Our results were more mixed. We can compare each hashline method directly against its plain equivalent:

  Search/replace Hashline S/R Delta   Unified diff Hashline UD Delta
Haiku 62.1% 65.5% +3.4%   58.6% 37.9% -20.7%
o4-mini 75.9% 75.9% 0%   20.7% 69.0% +48.3%
GPT-5.4 96.6% 86.2% -10.3%   89.7% 93.1% +3.4%
Opus 100.0% 93.1% -6.9%   93.1% 79.3% -13.8%

There’s no consistent improvement. Hashline search/replace helps slightly on Haiku, hurts on GPT-5.4 and Opus, and makes no difference on o4-mini. Hashline unified diff is even more unpredictable: it’s a massive 48-point improvement on o4-mini but a 21-point regression on Haiku.

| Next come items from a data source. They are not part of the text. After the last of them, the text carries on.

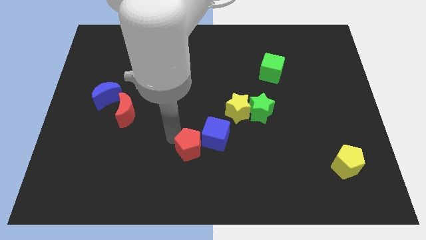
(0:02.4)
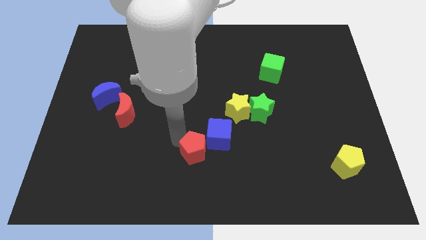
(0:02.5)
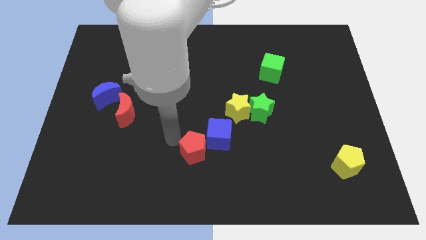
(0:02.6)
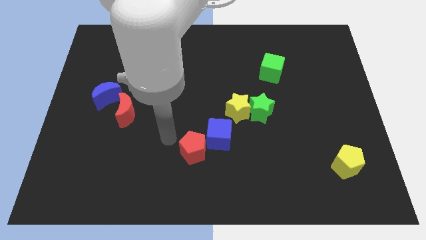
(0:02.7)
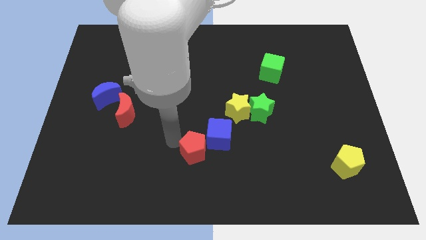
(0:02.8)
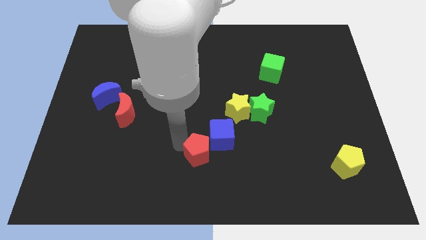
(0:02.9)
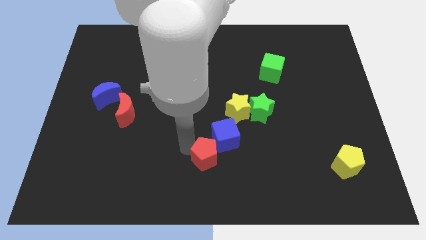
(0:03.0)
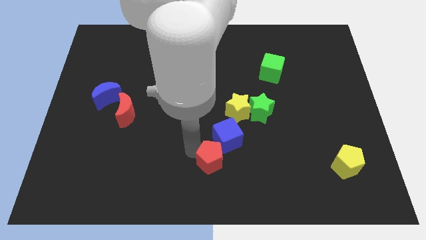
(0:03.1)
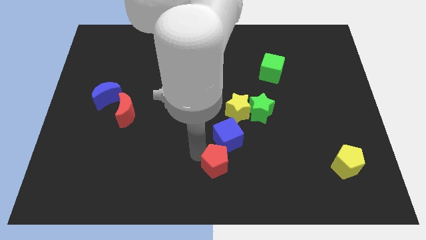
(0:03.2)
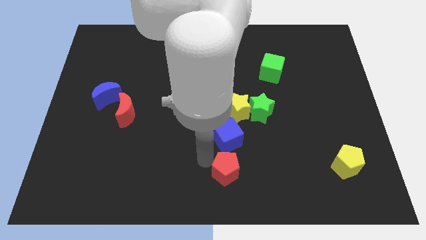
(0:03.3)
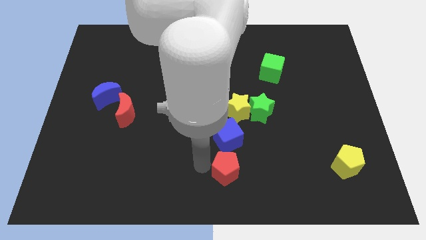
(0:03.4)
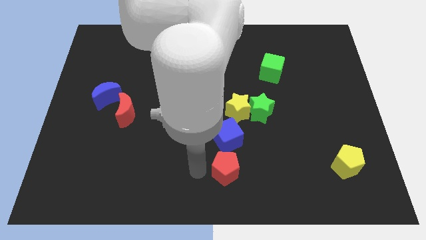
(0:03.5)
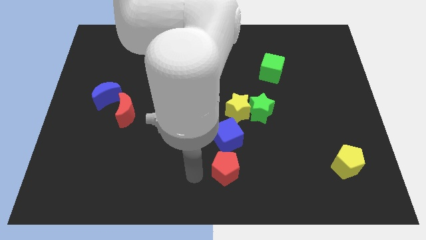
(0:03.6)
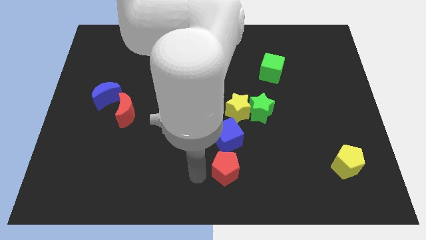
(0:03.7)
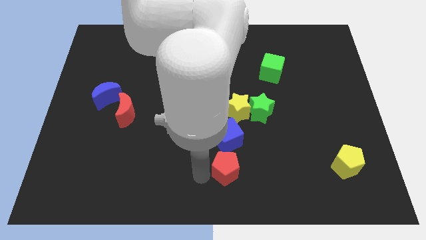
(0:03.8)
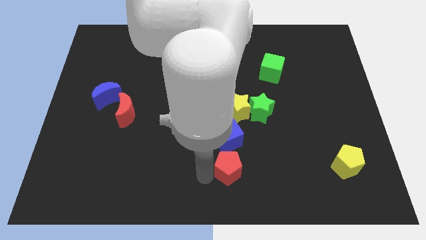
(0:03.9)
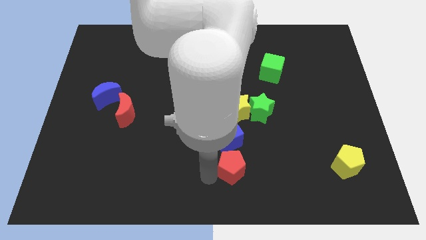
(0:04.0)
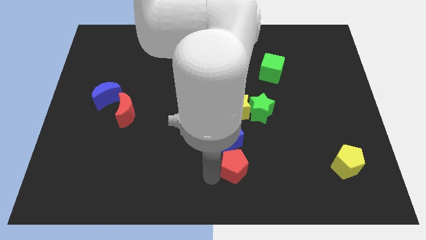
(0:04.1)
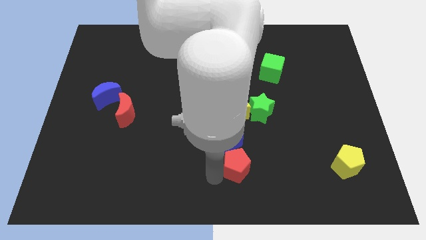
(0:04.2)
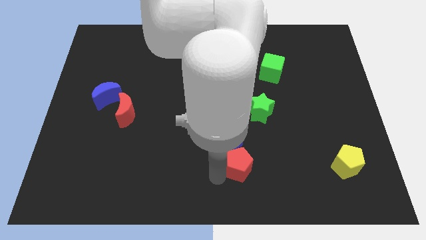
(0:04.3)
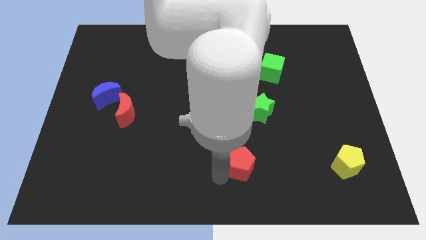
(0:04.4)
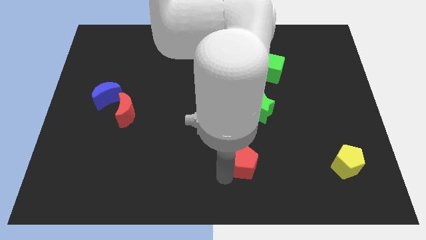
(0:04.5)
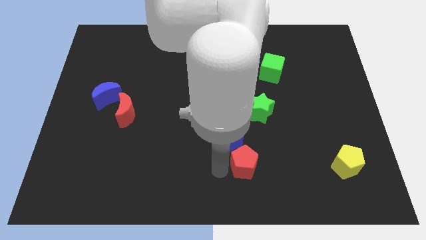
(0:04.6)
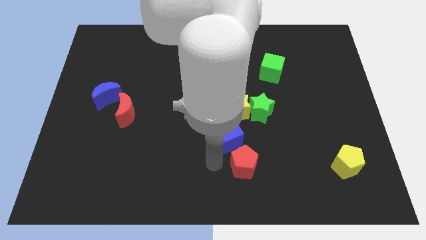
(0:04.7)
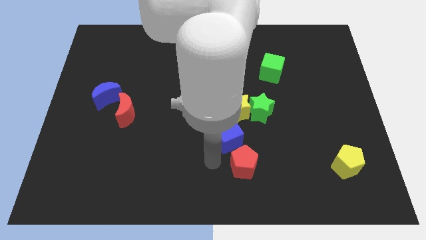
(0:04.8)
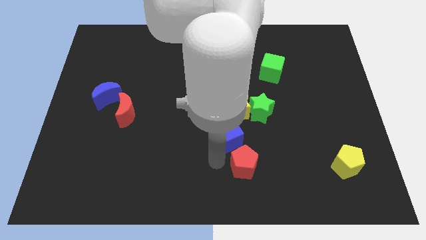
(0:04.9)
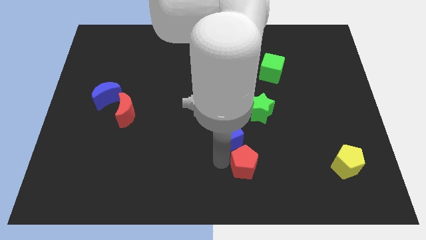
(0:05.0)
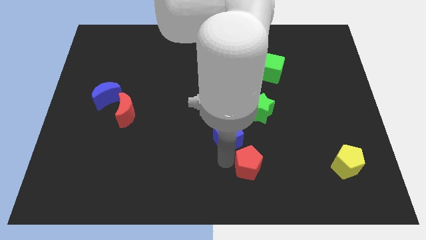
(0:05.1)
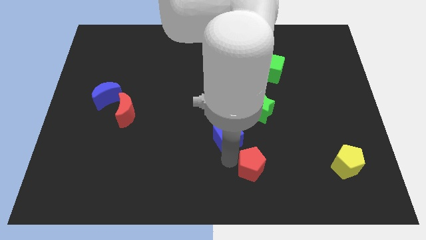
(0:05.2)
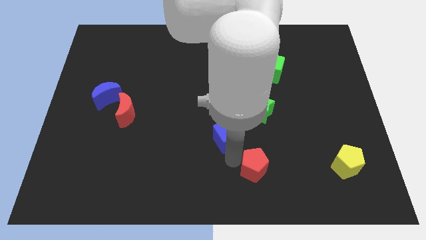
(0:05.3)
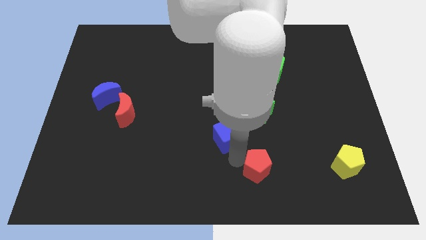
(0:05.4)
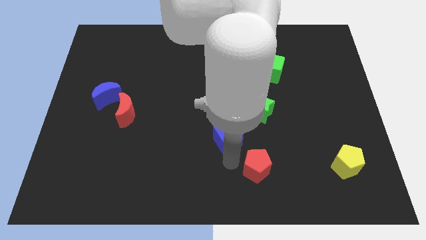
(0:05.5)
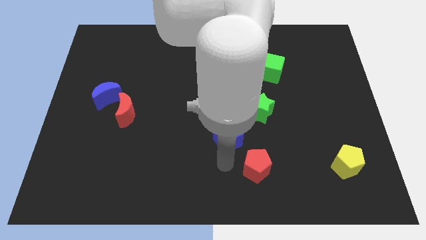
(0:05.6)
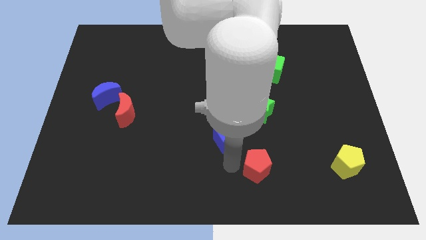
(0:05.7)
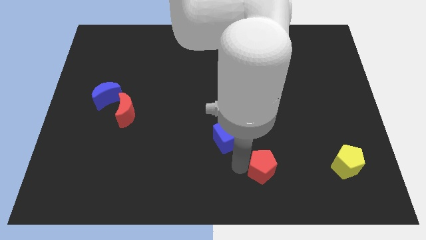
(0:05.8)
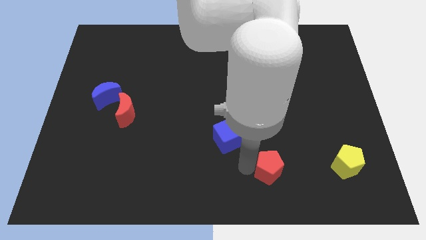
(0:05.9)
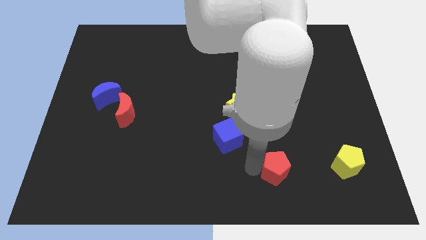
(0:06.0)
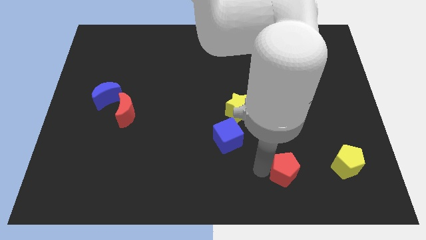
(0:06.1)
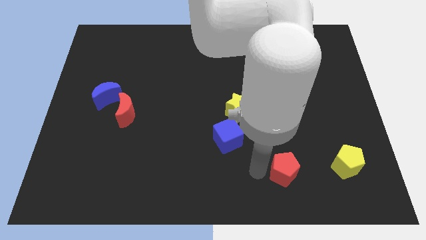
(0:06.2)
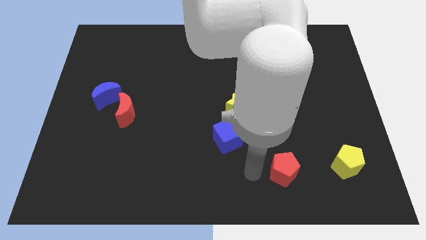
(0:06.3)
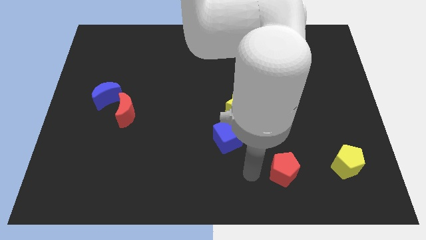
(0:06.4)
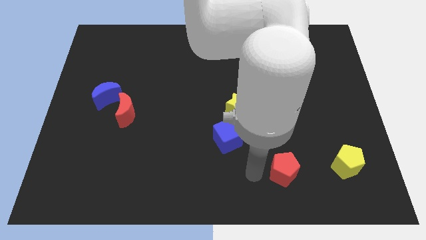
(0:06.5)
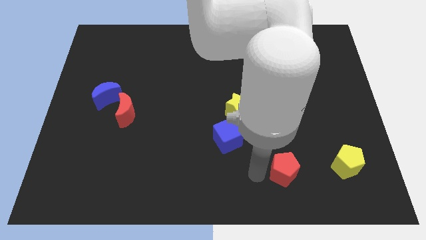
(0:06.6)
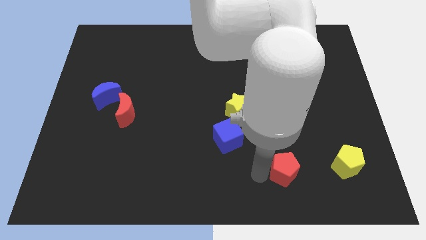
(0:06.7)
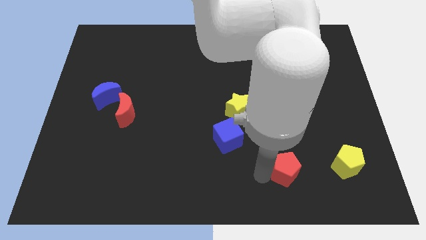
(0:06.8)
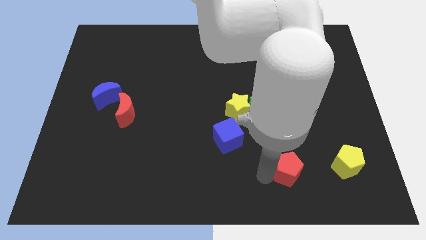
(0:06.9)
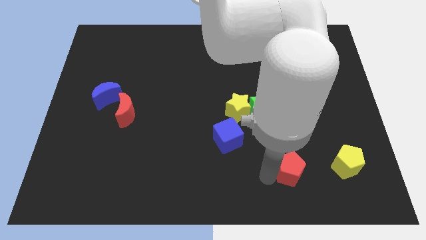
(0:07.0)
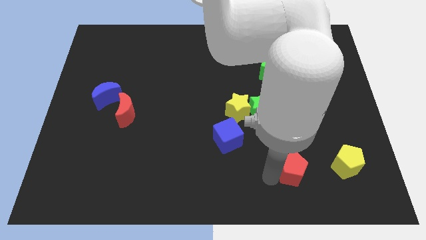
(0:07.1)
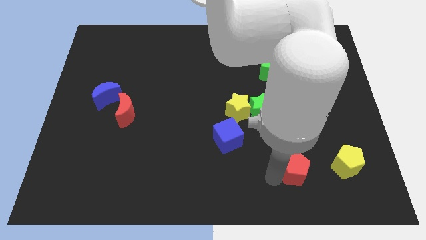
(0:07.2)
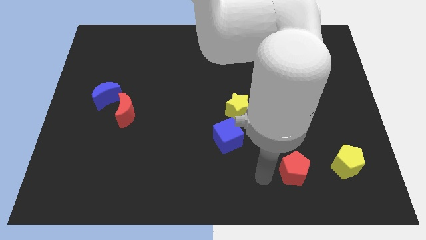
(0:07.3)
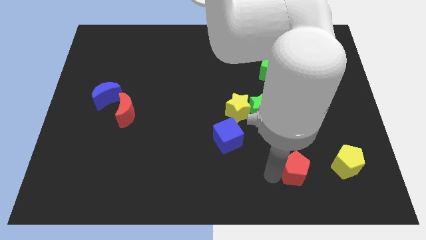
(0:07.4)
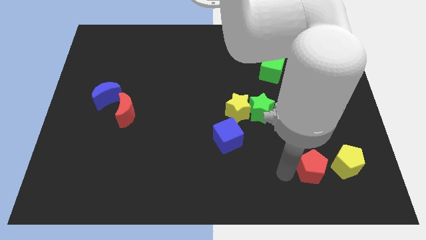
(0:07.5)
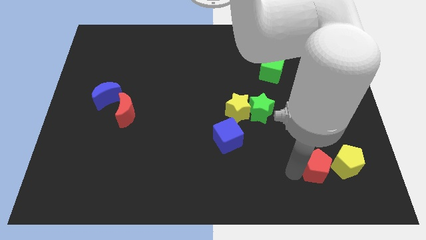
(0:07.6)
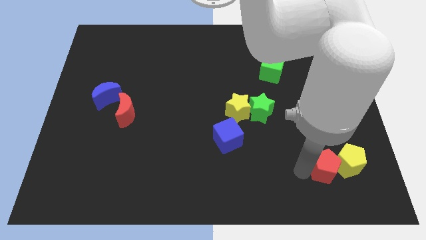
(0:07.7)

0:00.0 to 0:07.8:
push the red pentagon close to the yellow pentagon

Hashline JSON ops told a better story, scoring 82.8-100% across all models. But that method uses a standard JSON structure, so it’s hard to separate the benefit of the hashline references from the benefit of outputting JSON.

Can Bölük suggests that fine-tuning on the hashline format would help, and that might well close this gap.

What this means

AST-targeted output was the most reliable edit format in our tests. Three models scored 100%. Nothing else came close to that level of consistency. It works on small files and 4,200-line files. It’s cheap on tokens and fast. And no major tool ships it.

We’re not the first to suggest this. The idea has been proposed for Aider, and tools like Codegen and AFT already implement tree-sitter-based “edit by name” for agents. What’s been missing is evidence that it actually works better across models and file sizes.

The reason it hasn’t been adopted is probably practical: you need an AST parser per language. We used Python’s ast module. Supporting other languages means reaching for tree-sitter, which Codegen, AFT, and others are already doing. The core idea, target by name, not by text position, works in any language.

The bigger picture: the edit format is not a solved problem. The formats that major tools ship today (search/replace in Claude Code, patch diffs in Codex CLI, full-file rewriting in Cursor) work, but they leave real performance on the table. Especially on larger files, and especially across different model architectures. A coding assistant that used AST-targeted output would, based on our numbers, produce more correct edits with fewer tokens and fewer retries.


All code and data are available at github.com/GeometricAGI/blog. The benchmark contains 29 tasks on files ranging from 100 to 4,200 lines, testing localised code edits.